Last week, Keir Starmer was elected Prime Minister after standing on a platform promising political and economic stability and pledging to deliver a decade of national renewal.

While the Labour party’s manifesto was more than 140 pages long, its political slogan was one simple word: change.

The result of the General Election campaign saw Keir Starmer and the Labour party rewarded with a 172-seat majority—the third largest Parliamentary majority in British history—providing a strong foundation from which to deliver a mandate for change.

In this blog, I want to look at how Labour might upgrade Britain’s creaking infrastructure.

Two of the five missions Labour is pledging to deliver include:

  1. Securing the highest sustained growth in the G7—with good jobs and productivity growth in every part of the country making everyone, not just a few, better off.
  2. Making Britain a clean energy superpower to cut bills, create jobs, and deliver security with cheaper, zero-carbon electricity by 2030, accelerating to net zero.

In common with most developed western economies, Britain has suffered from years of low economic growth. However, in recent times, the U.K. has been suffering more than most.

Analysis conducted in May 2024 showed that the U.K. suffered the highest inflation and lowest economic growth of any G7 country since the end of 2021.

Britain faces a significant challenge on economic growth but also has an opportunity to achieve faster growth while starting from a lower base than our G7 counterparts.

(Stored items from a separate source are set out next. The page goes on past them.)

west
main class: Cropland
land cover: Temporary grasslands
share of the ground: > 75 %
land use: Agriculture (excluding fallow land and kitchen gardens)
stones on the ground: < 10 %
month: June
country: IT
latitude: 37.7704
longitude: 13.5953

However, the U.K. is facing a tough problem with the size of its national debt, which reached GBP 2.7 trillion in May. The national debt has risen from 64.7% of GDP in 2010 and is expected to hit 104% of GDP this year.

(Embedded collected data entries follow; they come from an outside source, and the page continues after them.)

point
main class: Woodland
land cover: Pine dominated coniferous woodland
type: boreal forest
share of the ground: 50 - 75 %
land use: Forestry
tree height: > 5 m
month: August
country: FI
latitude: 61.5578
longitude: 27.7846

The new Labour Chancellor of the Exchequer, Rachel Reeves, said this week: “I have repeatedly warned that whoever won the general election would inherit the worst set of circumstances since the Second World War. That is why, over the weekend, I instructed Treasury officials to provide an assessment of the state of our spending inheritance so that I can understand the scale of the challenge. And I will present this to Parliament before the summer recess.”

Perhaps the largest challenge facing the new Government here is that they want to deliver high-growth while sticking to tough spending rules and promising not to raise income tax, national insurance or VAT as three of Britain’s main sources of tax receipts. Ruling out tax increases inhibits the government’s ability to raise more revenue to fund public investment but the tax burden for UK taxpayers is already at a 70-year high.

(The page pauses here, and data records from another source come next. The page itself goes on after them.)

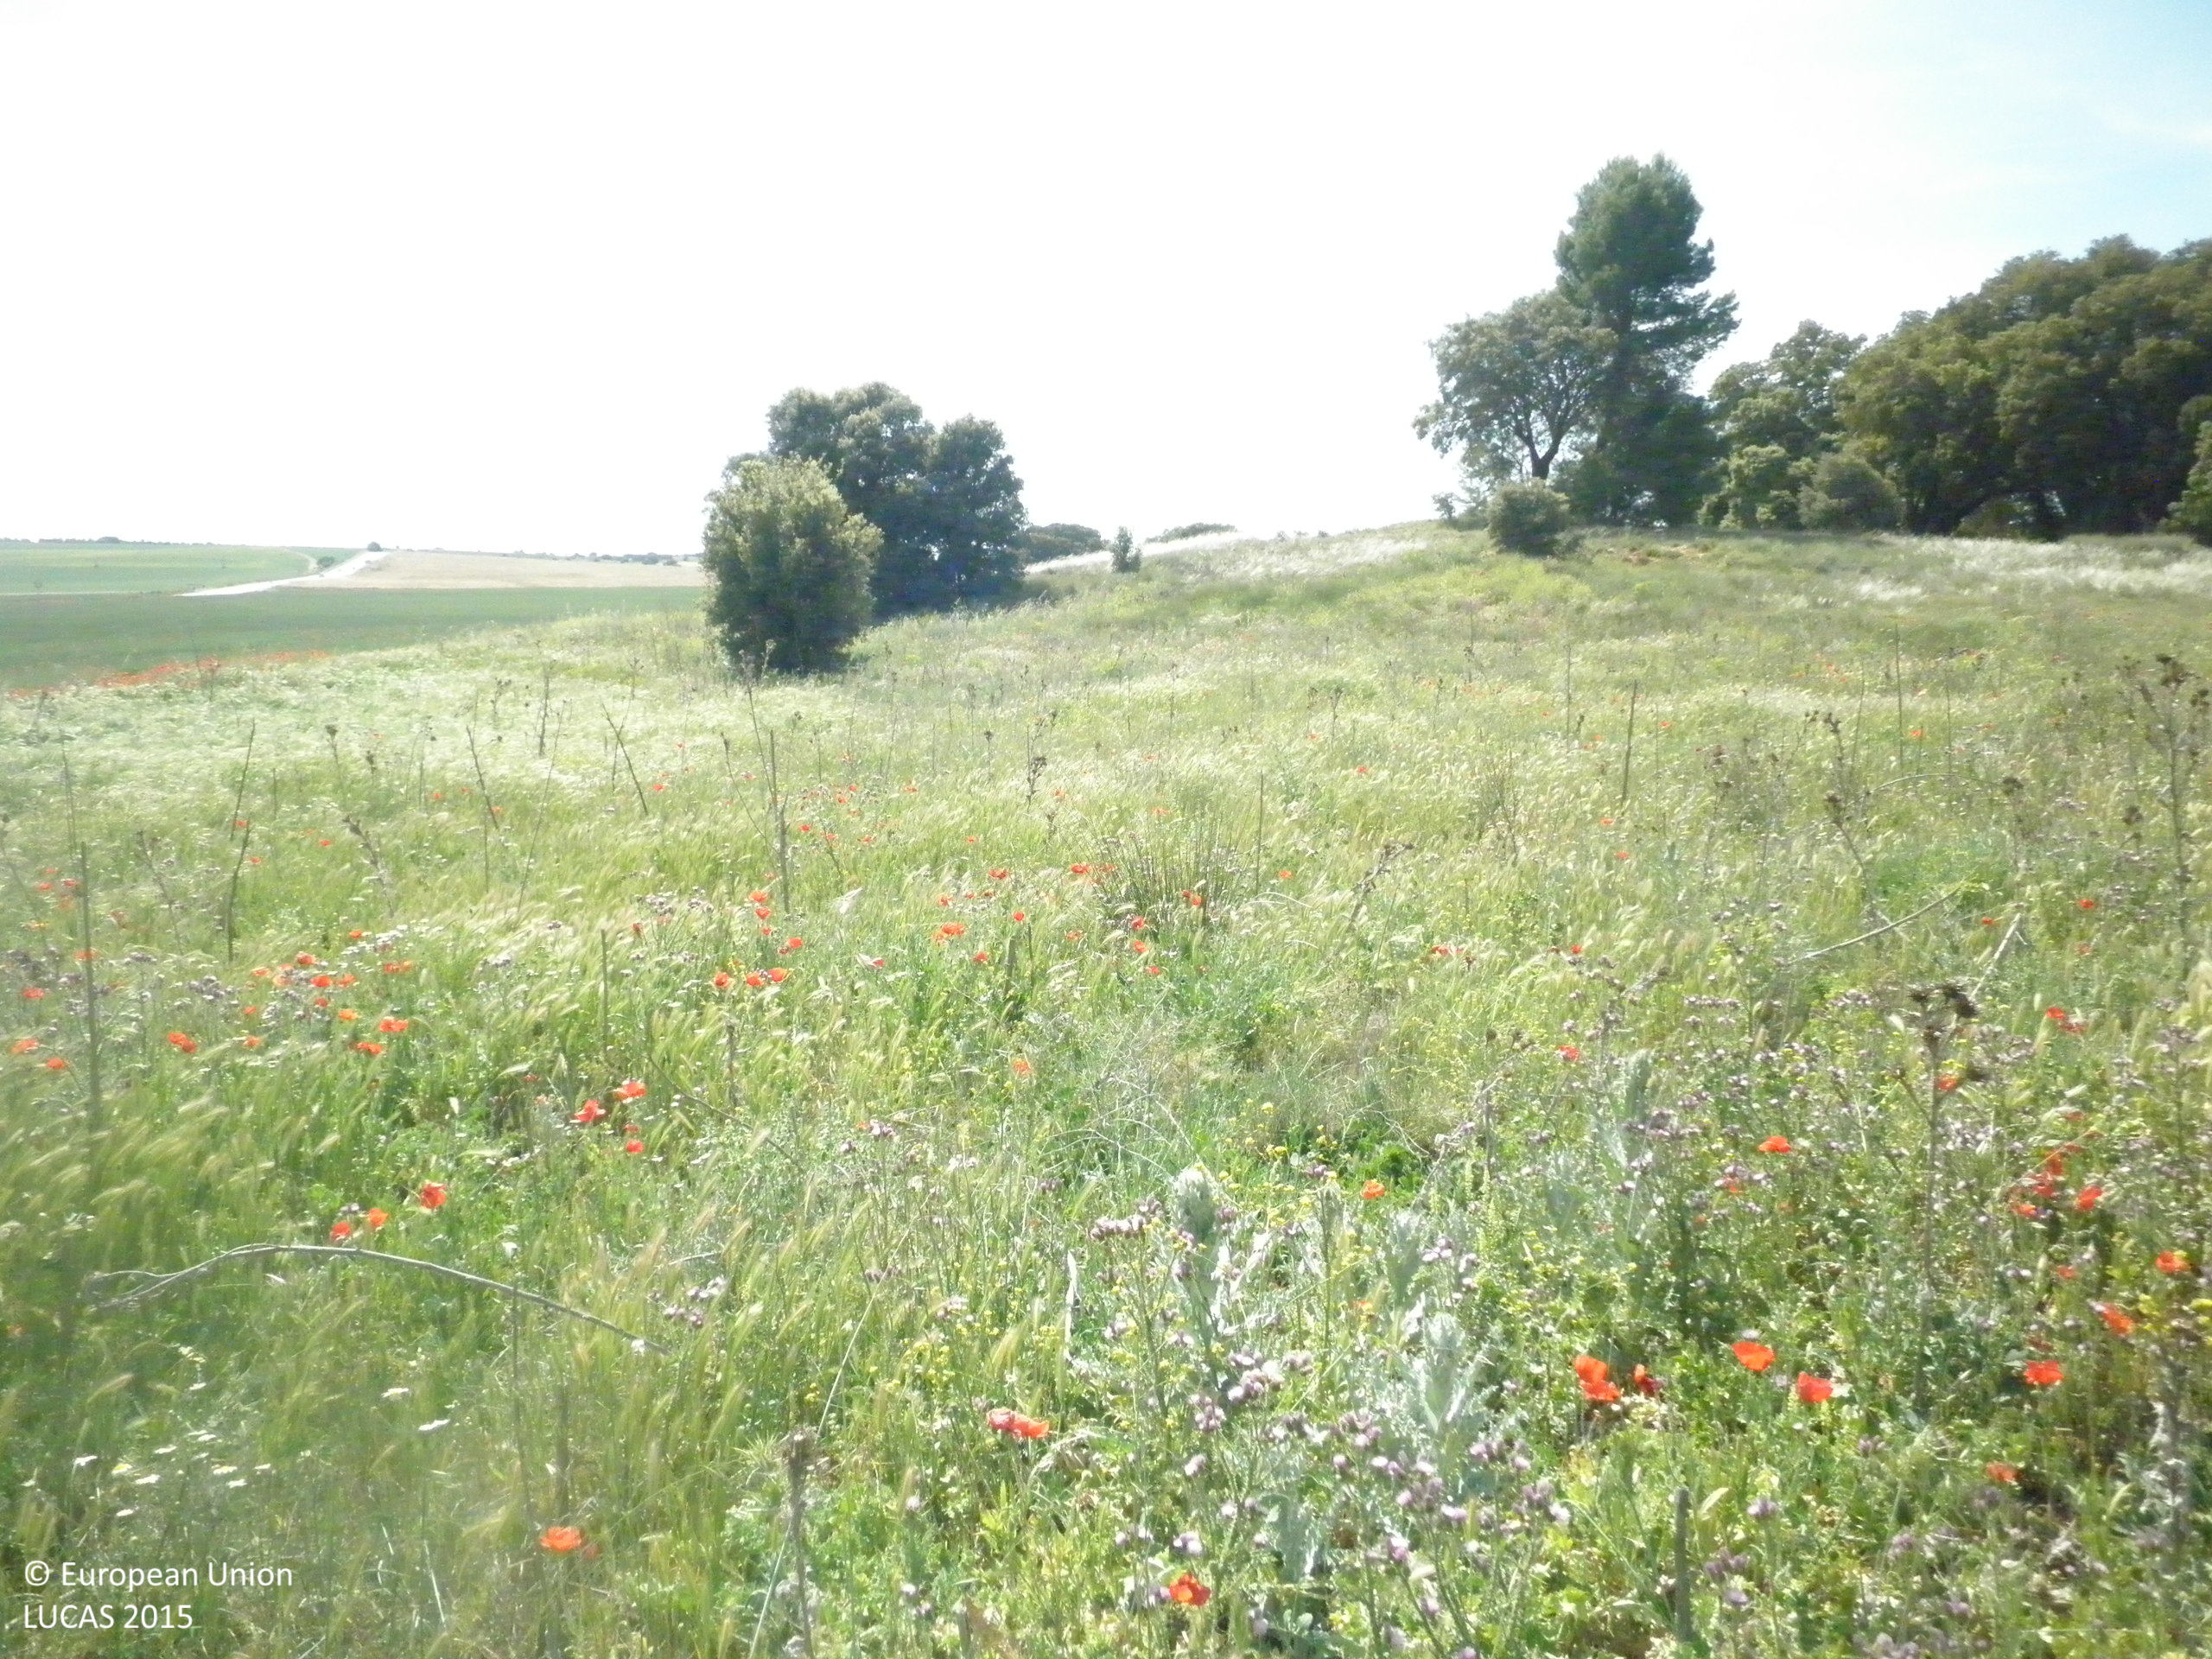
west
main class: Grassland
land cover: Grassland without tree/shrub cover
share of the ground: > 75 %
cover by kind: herbaceous plants 90 %, consolidated bare surface 10 %
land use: Abandoned areas
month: May
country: ES
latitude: 39.5346
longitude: -2.8020

Given this backdrop, how does Labour plan to deliver growth?

Going long

With plans for a decade of renewal, much of Labour’s industrial and investment strategy is centred around delivering long-term certainty and stability to attract more private investment.

While Labour plans to deliver fiscal discipline and keep a tight rein on spending, it thinks it can stimulate investment and enable businesses to borrow more cheaply if it elongates the length of its budget programmes and promises funding over a longer time period.

This situation delivers greater certainty to investors and lenders.

The new government’s long-term plans include developing a new 10-year infrastructure strategy, as well as a new industrial strategy to “give business long-term certainty for investment decisions.” It also plans to provide 10-year budgets for globally recognised innovation institutions in the U.K.

In a joint interview in last week’s Sunday Times, Starmer and Reeves said they are preparing to attract private investment worth billions of pounds in the first months of a Labour government, which they hope will help the party meet its ambitious growth target and avoid tax rises and spending cuts.

In the interview, they said that “stability of the economy and the stability of the team that is running the country” is something they believe investors will be looking for as they make choices about where to spend their money.

It is a theme that Reeves returned to on Monday (8th July) when announcing GBP 7.3 billion in funding for green innovation projects. Money specifically targeted at investing in nascent technologies or projects at early stages of development that “enable and encourage” risk taking.

Reeves said, “For the first time in a long time, investors will look at Britain and say it’s a country with a stable government, with a clear plan and mandate from the election. That’s different from other countries in the world today,” she said.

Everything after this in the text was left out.